_TASK STATEMENT_
Pictures aside, print all of the data below exactly as written.

[Saved data entries]
*-*-*

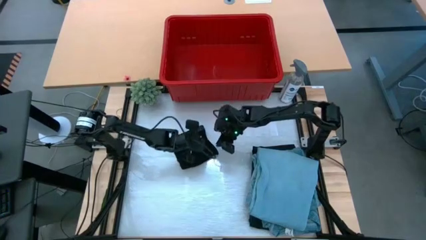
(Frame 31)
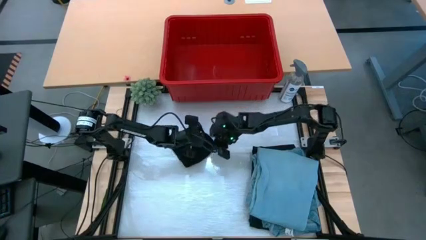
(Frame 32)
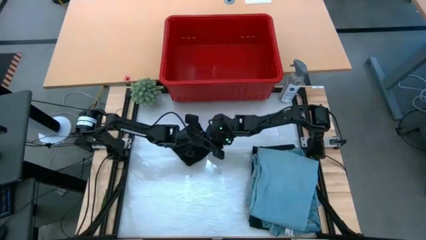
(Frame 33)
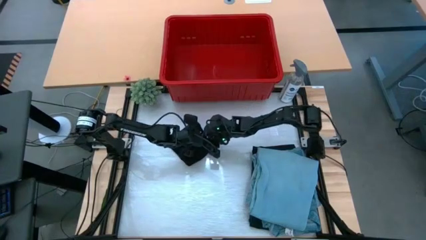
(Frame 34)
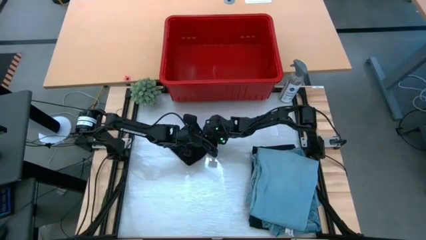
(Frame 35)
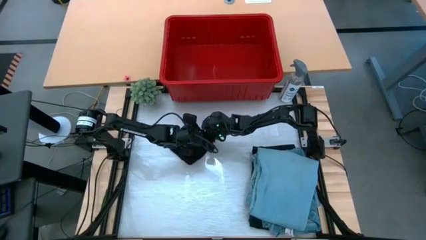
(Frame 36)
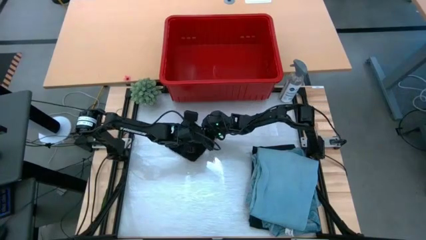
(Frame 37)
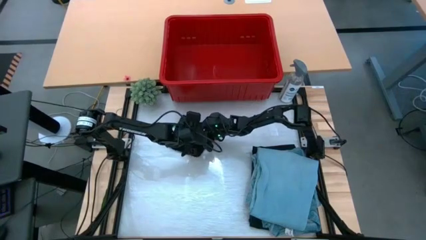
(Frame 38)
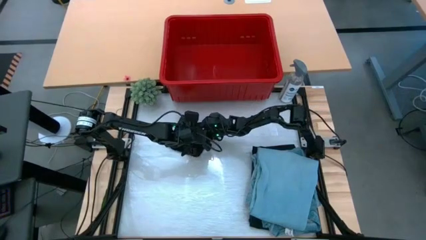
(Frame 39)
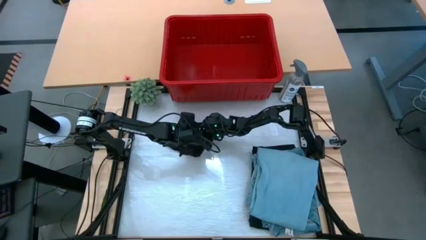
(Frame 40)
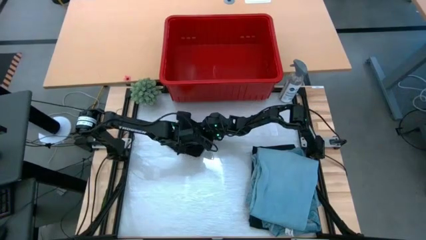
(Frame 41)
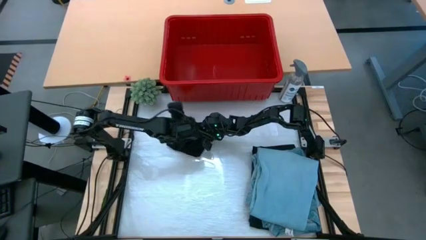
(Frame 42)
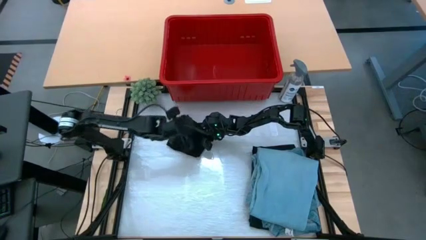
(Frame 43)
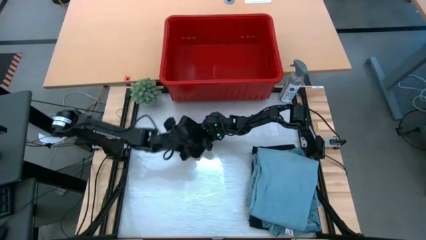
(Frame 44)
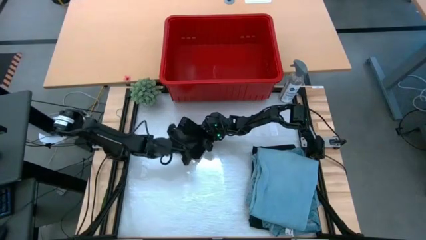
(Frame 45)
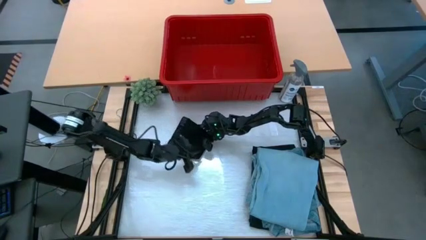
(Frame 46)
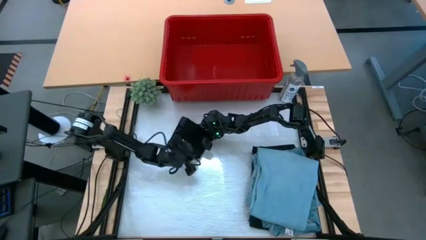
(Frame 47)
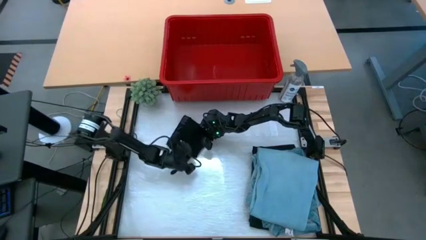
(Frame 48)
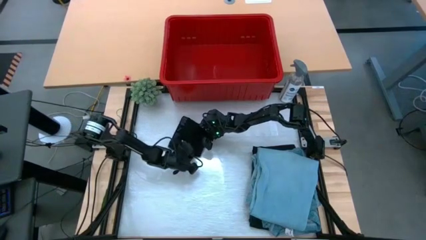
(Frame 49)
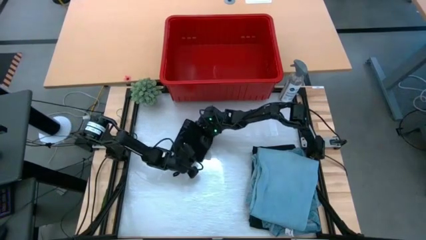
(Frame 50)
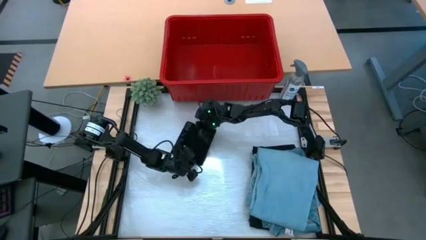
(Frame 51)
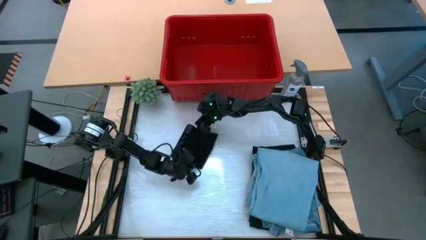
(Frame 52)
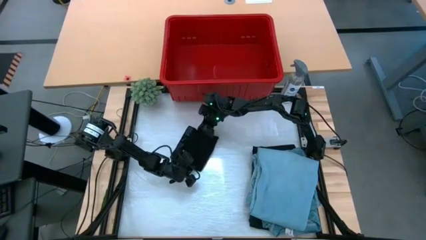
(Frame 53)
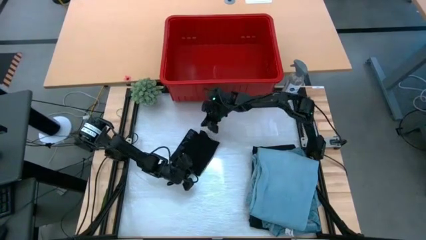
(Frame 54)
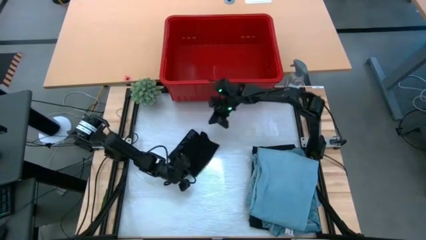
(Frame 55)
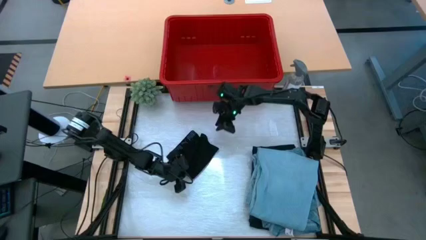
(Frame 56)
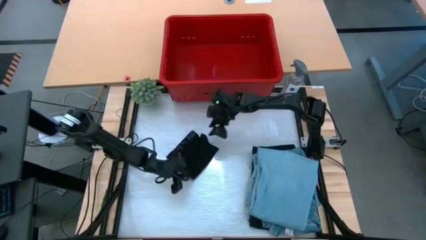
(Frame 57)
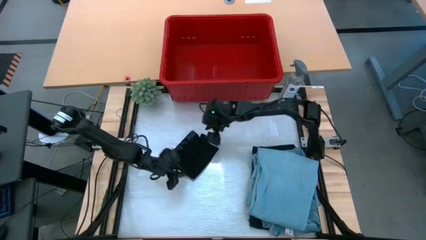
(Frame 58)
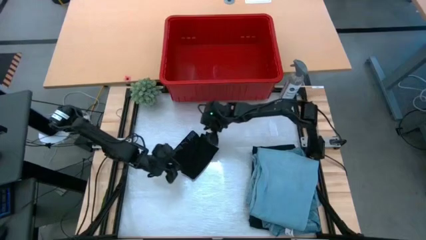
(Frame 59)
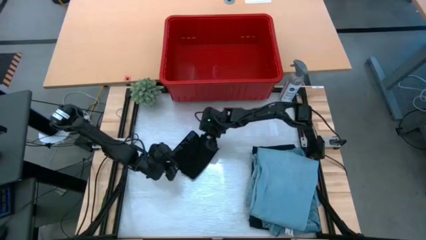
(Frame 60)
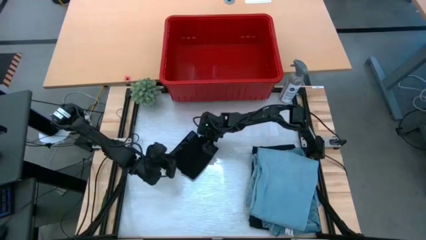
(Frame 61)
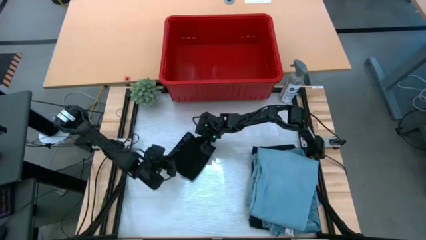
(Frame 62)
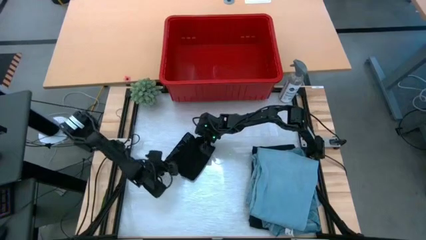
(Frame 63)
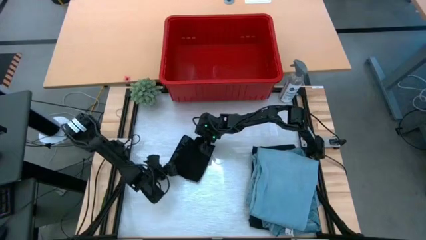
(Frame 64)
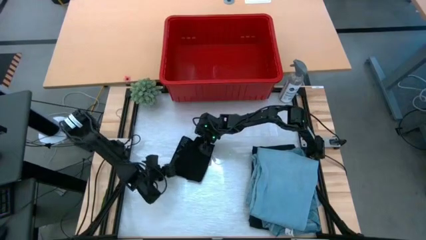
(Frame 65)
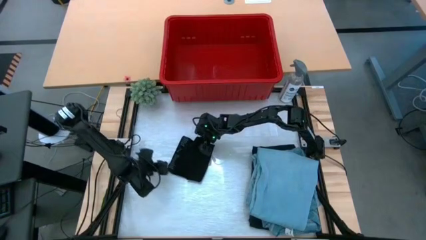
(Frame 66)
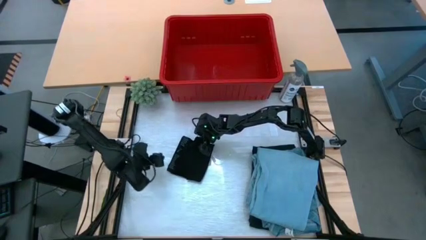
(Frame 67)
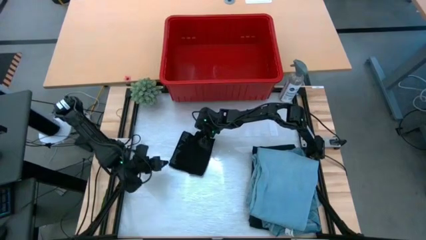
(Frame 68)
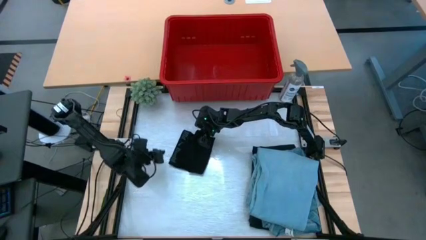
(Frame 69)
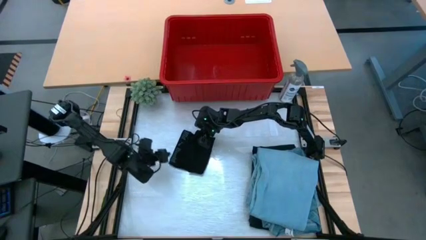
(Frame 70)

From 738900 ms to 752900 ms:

*-*-*

_RESPONSE FOR THIS EXERCISE_
(Frame 31)
(Frame 32)
(Frame 33)
(Frame 34)
(Frame 35)
(Frame 36)
(Frame 37)
(Frame 38)
(Frame 39)
(Frame 40)
(Frame 41)
(Frame 42)
(Frame 43)
(Frame 44)
(Frame 45)
(Frame 46)
(Frame 47)
(Frame 48)
(Frame 49)
(Frame 50)
(Frame 51)
(Frame 52)
(Frame 53)
(Frame 54)
(Frame 55)
(Frame 56)
(Frame 57)
(Frame 58)
(Frame 59)
(Frame 60)
(Frame 61)
(Frame 62)
(Frame 63)
(Frame 64)
(Frame 65)
(Frame 66)
(Frame 67)
(Frame 68)
(Frame 69)
(Frame 70)

From 738900 ms to 752900 ms:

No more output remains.